ENTRIES SUPPLIED:
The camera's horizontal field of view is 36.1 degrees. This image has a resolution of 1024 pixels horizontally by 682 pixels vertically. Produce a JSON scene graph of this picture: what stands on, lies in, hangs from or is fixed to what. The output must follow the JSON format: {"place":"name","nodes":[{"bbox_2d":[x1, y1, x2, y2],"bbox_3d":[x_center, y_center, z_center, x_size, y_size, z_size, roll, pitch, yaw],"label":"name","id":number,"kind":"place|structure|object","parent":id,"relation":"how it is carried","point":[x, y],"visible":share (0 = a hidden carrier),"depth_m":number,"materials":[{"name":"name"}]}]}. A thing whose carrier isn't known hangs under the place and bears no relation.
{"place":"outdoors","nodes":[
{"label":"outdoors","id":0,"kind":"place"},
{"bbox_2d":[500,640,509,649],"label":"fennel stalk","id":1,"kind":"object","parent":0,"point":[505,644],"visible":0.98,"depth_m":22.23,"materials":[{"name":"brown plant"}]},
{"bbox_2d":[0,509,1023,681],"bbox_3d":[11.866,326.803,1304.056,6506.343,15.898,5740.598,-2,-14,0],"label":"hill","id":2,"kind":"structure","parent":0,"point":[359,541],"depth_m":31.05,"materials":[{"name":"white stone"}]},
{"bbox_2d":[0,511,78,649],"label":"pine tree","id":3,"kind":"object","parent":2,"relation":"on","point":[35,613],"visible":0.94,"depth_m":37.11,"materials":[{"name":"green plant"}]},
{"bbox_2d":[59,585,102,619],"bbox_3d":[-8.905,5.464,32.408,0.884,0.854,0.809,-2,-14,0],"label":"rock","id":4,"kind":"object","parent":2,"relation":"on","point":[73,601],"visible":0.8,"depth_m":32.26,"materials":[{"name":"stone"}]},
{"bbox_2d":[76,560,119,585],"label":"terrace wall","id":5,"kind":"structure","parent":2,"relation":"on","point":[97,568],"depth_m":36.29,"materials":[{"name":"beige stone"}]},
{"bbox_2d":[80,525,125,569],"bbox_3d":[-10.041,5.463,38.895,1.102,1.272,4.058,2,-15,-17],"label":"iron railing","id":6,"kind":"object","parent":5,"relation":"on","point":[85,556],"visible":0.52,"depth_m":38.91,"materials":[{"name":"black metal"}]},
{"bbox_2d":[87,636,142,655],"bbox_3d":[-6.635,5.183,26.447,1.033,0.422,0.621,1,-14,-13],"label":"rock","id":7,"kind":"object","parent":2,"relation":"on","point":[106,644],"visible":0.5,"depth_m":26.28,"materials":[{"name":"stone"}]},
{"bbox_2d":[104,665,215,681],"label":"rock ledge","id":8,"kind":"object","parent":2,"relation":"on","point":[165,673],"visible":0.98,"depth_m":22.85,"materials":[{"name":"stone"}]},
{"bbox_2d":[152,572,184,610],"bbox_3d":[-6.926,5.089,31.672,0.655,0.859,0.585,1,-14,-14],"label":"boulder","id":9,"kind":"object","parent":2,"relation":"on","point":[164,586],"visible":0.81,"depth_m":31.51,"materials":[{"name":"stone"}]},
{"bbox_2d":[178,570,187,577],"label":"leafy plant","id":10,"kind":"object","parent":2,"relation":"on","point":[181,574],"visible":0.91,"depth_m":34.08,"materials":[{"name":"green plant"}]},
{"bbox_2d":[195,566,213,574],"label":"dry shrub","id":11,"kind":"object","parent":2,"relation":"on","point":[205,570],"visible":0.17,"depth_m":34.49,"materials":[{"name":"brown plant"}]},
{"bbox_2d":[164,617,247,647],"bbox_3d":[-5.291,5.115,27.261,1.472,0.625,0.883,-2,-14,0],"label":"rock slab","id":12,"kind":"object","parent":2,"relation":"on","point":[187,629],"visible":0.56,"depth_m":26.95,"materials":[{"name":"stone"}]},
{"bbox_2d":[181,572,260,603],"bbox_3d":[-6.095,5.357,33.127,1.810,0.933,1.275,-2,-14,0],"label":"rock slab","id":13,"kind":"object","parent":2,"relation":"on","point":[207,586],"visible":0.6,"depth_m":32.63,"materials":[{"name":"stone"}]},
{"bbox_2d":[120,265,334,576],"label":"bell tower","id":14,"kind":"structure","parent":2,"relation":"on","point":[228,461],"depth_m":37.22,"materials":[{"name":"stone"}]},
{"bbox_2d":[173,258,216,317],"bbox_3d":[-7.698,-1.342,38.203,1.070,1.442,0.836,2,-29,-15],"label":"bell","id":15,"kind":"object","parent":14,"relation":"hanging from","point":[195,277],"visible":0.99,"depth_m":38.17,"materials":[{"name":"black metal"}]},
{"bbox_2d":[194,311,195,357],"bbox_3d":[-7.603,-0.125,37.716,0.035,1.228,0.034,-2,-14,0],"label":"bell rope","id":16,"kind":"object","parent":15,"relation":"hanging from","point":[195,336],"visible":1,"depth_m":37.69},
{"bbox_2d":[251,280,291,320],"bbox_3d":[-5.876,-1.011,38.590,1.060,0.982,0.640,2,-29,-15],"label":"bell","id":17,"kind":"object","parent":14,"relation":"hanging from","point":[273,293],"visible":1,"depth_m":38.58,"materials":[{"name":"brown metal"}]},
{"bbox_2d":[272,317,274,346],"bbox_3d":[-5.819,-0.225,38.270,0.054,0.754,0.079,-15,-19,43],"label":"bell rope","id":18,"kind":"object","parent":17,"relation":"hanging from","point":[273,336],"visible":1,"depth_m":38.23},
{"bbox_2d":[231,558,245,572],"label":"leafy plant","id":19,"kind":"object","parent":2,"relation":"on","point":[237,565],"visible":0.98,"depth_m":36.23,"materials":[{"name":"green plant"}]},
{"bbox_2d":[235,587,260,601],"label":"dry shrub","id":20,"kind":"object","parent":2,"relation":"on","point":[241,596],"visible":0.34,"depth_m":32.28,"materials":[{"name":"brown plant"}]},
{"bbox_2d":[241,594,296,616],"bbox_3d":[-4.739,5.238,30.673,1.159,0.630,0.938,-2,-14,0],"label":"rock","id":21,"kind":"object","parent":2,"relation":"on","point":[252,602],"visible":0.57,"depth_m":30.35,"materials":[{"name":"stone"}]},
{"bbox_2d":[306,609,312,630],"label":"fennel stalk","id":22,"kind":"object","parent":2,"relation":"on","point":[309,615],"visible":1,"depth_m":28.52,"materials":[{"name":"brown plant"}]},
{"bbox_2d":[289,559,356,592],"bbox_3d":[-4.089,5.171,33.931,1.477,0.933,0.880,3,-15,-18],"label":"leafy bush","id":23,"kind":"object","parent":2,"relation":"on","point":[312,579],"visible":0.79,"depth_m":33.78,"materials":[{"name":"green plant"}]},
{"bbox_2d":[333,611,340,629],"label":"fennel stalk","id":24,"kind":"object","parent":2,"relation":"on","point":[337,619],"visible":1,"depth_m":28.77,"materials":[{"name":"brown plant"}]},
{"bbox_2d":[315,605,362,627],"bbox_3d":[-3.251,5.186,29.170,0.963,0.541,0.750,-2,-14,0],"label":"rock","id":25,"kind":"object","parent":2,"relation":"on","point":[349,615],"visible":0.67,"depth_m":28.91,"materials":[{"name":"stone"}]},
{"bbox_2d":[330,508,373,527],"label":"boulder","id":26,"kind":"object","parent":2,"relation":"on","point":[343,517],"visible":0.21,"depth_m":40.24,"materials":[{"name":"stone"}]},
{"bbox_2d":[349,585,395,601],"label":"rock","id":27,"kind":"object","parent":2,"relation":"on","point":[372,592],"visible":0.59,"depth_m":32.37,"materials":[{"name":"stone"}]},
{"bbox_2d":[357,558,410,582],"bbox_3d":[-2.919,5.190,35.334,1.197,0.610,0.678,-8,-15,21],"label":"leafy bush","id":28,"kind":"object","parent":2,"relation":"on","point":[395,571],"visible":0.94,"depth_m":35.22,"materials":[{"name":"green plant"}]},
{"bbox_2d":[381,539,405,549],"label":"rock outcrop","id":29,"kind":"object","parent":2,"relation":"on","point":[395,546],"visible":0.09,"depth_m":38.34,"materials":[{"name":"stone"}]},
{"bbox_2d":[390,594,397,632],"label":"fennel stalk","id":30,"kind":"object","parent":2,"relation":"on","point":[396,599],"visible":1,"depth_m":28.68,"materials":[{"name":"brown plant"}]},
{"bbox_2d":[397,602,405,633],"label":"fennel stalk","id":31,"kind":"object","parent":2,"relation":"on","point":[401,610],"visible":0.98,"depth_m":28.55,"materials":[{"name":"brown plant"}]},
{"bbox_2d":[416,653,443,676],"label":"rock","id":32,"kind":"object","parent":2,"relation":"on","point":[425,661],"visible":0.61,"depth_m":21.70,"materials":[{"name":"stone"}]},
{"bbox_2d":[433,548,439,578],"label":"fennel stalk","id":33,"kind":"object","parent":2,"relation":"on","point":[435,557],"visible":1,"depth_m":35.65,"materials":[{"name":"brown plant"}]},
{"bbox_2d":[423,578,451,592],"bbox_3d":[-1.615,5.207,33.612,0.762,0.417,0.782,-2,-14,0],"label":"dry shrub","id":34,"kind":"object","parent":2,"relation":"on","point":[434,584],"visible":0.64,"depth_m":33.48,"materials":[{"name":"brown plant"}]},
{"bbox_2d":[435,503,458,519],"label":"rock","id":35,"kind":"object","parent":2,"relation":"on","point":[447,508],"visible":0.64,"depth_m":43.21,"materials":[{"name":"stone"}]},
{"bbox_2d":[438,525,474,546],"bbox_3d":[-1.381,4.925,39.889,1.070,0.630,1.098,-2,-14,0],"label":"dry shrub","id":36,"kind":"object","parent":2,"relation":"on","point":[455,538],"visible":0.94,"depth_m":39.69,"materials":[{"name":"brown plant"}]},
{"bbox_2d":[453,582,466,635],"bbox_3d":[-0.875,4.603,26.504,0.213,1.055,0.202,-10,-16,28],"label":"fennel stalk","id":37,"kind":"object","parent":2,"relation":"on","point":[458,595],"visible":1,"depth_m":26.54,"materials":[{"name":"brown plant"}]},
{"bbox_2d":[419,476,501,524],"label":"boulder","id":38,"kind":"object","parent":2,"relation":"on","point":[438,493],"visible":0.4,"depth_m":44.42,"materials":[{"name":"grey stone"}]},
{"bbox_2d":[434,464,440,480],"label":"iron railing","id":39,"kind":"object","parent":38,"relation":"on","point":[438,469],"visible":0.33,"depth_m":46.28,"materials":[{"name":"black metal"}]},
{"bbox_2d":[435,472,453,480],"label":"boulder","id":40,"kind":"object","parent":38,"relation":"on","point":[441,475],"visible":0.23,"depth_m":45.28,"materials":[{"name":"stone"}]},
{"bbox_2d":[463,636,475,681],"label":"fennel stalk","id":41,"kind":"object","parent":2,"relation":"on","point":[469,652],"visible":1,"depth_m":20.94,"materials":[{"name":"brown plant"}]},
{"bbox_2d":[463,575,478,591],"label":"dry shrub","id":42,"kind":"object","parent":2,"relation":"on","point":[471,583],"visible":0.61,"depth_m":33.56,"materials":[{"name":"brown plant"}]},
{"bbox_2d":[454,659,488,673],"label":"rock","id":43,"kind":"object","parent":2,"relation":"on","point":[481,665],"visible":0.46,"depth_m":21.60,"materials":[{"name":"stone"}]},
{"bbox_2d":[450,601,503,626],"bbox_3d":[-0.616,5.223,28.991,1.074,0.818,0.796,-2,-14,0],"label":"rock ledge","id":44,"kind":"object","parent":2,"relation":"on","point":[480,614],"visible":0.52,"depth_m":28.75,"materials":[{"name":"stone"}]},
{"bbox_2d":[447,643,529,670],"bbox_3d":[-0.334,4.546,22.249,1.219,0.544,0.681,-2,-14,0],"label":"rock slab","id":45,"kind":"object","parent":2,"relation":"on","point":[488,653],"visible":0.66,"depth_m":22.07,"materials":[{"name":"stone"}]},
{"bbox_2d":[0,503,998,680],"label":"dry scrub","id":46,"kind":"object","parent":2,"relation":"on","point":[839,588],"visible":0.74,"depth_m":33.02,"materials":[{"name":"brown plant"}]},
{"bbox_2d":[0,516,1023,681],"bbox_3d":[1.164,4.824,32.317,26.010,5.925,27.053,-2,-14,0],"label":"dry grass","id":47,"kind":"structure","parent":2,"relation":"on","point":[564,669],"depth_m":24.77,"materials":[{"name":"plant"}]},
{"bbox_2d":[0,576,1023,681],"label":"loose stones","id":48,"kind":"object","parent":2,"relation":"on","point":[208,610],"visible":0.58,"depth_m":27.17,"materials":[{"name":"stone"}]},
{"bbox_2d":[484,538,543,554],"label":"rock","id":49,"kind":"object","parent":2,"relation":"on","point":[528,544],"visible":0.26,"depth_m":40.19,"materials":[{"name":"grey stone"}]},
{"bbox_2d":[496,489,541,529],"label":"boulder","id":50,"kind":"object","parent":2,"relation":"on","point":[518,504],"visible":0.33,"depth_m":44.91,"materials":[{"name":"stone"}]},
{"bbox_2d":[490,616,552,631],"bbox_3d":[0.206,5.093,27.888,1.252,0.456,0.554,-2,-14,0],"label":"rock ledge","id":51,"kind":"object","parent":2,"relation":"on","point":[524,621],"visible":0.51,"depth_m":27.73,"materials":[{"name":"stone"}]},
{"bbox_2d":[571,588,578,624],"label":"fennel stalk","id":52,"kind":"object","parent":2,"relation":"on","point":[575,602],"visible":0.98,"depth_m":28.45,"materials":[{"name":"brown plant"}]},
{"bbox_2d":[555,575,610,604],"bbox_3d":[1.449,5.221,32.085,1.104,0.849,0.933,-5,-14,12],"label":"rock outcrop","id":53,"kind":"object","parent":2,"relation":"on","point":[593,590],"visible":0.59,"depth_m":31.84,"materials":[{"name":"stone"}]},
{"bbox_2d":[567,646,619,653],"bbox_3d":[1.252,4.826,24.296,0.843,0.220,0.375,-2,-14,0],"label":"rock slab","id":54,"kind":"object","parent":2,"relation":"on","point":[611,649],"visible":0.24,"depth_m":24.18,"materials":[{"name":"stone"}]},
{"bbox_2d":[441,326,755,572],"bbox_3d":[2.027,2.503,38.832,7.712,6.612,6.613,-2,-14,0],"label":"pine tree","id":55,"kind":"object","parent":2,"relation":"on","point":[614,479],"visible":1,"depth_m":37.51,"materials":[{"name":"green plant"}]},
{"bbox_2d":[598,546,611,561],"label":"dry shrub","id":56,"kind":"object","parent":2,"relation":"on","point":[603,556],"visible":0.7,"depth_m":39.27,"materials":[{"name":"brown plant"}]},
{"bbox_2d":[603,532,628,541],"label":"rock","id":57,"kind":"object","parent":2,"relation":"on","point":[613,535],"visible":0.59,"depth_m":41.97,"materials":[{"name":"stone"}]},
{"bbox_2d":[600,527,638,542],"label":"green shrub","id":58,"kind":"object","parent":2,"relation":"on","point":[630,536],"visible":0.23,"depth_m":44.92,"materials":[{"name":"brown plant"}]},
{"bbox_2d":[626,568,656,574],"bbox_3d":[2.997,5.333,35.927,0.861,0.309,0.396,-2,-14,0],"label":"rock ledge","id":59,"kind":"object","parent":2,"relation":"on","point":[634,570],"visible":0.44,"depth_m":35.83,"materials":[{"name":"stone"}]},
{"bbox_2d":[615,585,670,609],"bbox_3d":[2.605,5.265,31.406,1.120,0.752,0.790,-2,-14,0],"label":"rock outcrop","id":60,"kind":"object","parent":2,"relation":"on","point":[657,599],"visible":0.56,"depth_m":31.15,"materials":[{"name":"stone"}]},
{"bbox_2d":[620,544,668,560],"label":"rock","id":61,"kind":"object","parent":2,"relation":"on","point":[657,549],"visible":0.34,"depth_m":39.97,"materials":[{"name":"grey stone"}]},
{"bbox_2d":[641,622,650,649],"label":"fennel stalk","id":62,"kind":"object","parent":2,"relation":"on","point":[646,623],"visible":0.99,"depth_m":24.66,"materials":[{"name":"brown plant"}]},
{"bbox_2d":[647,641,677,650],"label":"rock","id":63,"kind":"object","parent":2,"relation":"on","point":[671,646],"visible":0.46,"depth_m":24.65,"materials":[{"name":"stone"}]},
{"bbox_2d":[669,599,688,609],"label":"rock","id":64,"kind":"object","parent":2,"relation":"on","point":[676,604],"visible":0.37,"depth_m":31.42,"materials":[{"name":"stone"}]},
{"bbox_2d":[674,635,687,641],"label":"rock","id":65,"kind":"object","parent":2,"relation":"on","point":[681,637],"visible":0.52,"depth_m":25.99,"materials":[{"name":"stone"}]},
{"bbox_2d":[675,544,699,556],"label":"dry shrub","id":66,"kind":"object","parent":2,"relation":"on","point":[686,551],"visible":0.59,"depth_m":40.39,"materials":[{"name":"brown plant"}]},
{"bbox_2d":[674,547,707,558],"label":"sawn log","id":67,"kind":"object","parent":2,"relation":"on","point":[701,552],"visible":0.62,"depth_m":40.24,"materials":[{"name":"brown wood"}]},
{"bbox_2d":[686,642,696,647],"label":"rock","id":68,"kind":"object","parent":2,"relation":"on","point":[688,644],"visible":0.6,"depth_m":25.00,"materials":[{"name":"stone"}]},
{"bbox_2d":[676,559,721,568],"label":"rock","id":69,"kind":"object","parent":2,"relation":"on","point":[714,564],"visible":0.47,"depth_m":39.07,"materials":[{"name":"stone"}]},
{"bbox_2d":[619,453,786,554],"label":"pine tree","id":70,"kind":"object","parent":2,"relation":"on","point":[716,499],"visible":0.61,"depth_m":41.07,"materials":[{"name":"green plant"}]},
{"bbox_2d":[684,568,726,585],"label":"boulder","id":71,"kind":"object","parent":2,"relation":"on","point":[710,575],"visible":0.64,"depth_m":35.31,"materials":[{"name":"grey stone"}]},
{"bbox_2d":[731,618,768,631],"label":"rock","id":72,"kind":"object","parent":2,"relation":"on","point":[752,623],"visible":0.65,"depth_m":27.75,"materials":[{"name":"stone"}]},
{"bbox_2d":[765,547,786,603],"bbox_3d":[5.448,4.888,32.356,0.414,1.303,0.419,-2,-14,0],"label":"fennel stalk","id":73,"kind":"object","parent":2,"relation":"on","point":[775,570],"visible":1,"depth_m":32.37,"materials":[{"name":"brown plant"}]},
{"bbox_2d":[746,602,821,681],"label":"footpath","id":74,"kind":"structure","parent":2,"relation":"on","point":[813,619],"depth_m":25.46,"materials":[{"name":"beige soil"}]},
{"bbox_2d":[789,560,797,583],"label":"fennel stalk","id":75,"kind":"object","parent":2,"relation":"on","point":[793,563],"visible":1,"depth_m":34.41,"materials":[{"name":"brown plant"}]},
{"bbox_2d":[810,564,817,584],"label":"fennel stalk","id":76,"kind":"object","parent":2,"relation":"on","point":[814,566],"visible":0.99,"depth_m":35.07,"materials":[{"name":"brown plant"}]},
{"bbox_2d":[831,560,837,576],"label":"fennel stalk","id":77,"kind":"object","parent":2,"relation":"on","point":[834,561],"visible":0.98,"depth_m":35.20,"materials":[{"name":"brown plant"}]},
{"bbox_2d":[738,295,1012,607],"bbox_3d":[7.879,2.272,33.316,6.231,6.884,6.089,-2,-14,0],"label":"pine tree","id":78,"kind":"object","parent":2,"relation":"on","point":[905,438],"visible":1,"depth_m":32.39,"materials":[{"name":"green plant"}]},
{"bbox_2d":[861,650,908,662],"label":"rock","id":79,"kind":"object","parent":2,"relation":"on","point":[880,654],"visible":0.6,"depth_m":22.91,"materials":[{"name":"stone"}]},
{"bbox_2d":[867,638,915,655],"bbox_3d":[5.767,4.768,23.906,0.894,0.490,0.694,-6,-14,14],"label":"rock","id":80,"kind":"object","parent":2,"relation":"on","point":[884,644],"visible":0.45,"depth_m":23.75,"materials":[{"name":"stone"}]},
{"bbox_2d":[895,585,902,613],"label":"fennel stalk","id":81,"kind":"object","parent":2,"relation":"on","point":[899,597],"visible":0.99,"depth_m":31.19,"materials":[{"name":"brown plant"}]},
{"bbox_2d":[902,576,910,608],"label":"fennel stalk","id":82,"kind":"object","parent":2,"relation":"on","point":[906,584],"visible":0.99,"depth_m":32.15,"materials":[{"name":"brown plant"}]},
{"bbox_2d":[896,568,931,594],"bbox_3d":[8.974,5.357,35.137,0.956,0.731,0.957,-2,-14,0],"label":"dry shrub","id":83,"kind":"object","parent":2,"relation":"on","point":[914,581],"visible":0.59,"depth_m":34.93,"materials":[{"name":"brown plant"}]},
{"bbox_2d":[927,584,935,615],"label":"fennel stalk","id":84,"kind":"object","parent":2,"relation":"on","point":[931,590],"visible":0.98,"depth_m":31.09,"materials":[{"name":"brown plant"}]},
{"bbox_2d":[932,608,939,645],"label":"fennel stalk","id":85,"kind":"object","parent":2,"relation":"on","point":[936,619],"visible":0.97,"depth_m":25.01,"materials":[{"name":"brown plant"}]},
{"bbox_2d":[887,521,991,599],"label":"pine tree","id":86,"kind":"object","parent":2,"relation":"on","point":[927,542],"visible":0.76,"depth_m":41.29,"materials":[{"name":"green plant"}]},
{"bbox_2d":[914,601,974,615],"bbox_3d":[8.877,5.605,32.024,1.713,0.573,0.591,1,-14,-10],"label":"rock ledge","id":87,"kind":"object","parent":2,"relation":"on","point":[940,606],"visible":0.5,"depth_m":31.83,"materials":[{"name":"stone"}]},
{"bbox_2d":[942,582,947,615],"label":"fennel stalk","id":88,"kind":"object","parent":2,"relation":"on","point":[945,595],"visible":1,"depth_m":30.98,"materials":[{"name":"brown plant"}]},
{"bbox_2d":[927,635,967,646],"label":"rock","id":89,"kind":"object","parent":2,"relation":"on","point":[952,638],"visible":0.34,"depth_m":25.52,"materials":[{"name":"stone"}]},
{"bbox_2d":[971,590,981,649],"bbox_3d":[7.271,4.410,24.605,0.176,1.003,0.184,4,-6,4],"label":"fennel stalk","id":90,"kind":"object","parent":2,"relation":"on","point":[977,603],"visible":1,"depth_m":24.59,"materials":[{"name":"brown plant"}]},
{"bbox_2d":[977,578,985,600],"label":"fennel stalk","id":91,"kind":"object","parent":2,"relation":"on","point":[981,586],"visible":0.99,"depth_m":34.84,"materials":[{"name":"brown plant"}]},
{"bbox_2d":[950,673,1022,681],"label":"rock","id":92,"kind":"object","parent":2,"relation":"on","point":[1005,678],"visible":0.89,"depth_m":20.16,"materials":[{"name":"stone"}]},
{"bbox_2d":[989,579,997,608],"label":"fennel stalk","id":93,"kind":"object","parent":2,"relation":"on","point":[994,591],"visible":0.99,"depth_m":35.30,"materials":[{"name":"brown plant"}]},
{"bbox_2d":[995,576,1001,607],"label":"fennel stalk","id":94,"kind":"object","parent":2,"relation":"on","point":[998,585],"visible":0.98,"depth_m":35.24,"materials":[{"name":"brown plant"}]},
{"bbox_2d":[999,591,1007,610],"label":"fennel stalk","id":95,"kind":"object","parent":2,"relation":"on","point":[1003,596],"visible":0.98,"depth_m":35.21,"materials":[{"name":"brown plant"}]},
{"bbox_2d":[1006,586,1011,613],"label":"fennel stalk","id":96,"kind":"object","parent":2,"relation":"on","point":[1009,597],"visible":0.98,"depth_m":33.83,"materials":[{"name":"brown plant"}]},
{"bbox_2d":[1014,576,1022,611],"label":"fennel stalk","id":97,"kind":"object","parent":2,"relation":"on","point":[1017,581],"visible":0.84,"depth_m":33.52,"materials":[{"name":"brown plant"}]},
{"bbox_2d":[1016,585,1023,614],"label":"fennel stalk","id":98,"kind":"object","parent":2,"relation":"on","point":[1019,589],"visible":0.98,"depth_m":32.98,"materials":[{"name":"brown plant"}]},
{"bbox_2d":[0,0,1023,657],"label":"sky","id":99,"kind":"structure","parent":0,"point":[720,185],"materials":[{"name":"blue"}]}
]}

EXERCISE DIRECTIONS:
Using the records above, count the lines that hold the string "rope", and give back only the result.

RESULT OF THE EXERCISE:
2